Pornography has been a complicated issue since, well, forever. There are paintings in the ruins of Pompeii of “adult” nature that were buried in the year 79. In the quaint 1950s in the very Puritan U.S., there were “nudist” and “art photo” magazines that pushed the legal envelop and “men’s” magazines explored how much of a woman’s anatomy they could show and still stay at least one millimeter away from the legal limit.

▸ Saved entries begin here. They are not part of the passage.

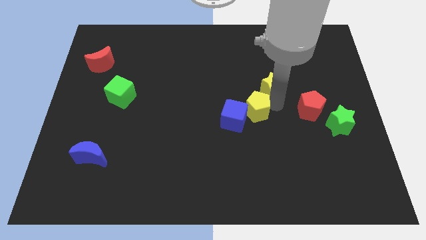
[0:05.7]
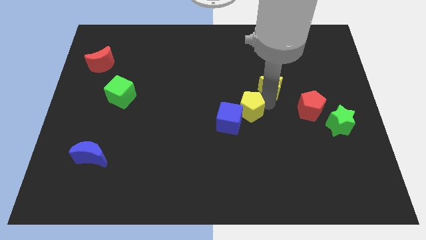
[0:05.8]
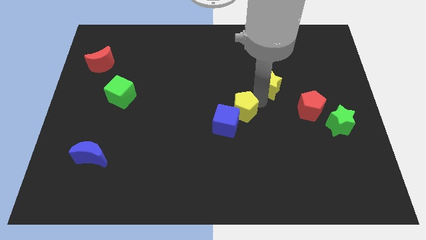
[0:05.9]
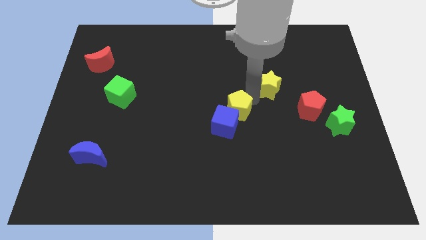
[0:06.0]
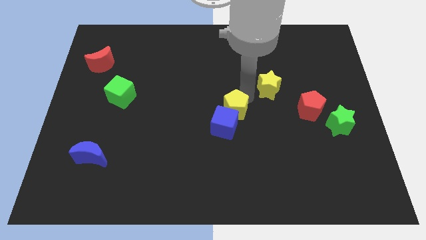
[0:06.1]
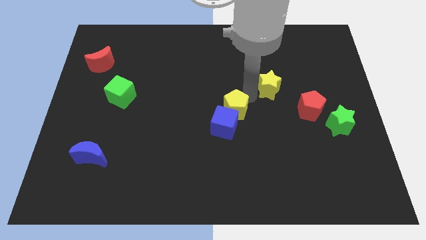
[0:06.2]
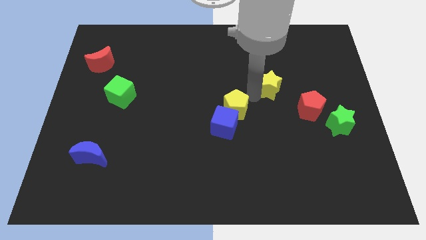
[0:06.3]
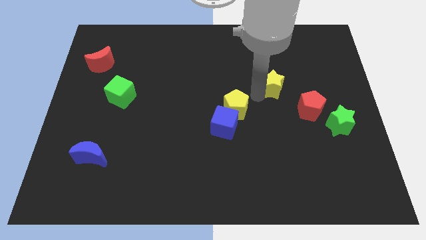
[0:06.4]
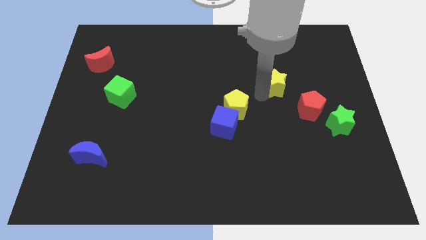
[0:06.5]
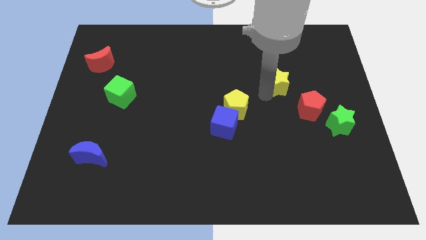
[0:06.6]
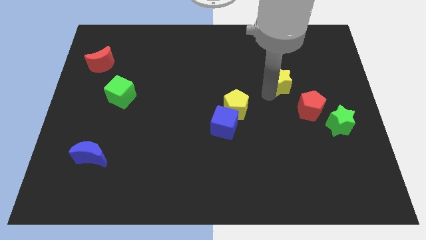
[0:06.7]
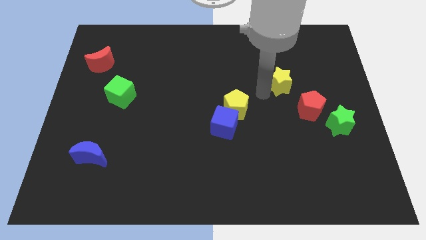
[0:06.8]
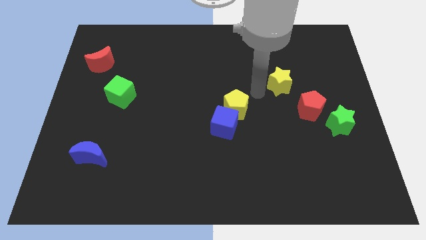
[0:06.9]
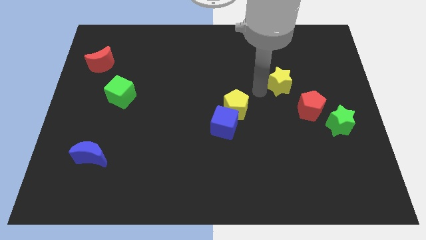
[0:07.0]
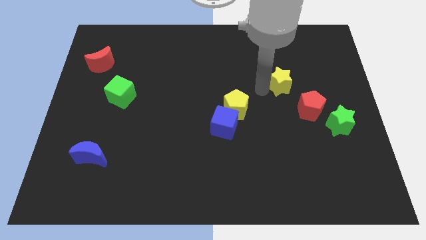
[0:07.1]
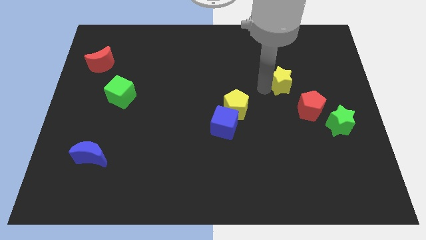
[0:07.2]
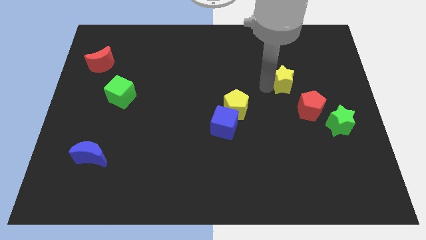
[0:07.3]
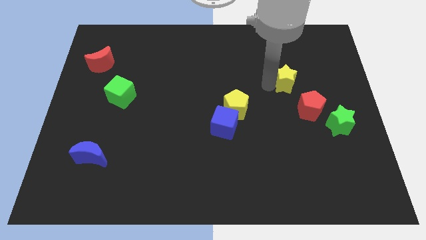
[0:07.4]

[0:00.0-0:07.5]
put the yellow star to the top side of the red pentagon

In the U.S., porn enthusiasts probably won the battle when courts as high as the U.S. Supreme Court found themselves completely unable to define the difference between pornography and free speech. In 1964, U.S. Supreme Court Justice Potter Steward wrote the legendary articles of surrender, saying that he couldn’t define pornography, but “I know it when I see it.” Shortly after that, the VCR went on sale and it was REALLY “game over” for the anti-porn side.

The result has been a legal shadow world and very lucrative gray economy that turned into a terrific environment for scams, fraud, rogue anti-malware products and thieving computer malcode. Yes, there is a load of pornography out there on the Internet that is perfectly legal, sold by perfectly legal businesses with secure servers. Governments in conservative places will always try to fight it. They will only ever have very limited success. Sex will always be a very shiny lure.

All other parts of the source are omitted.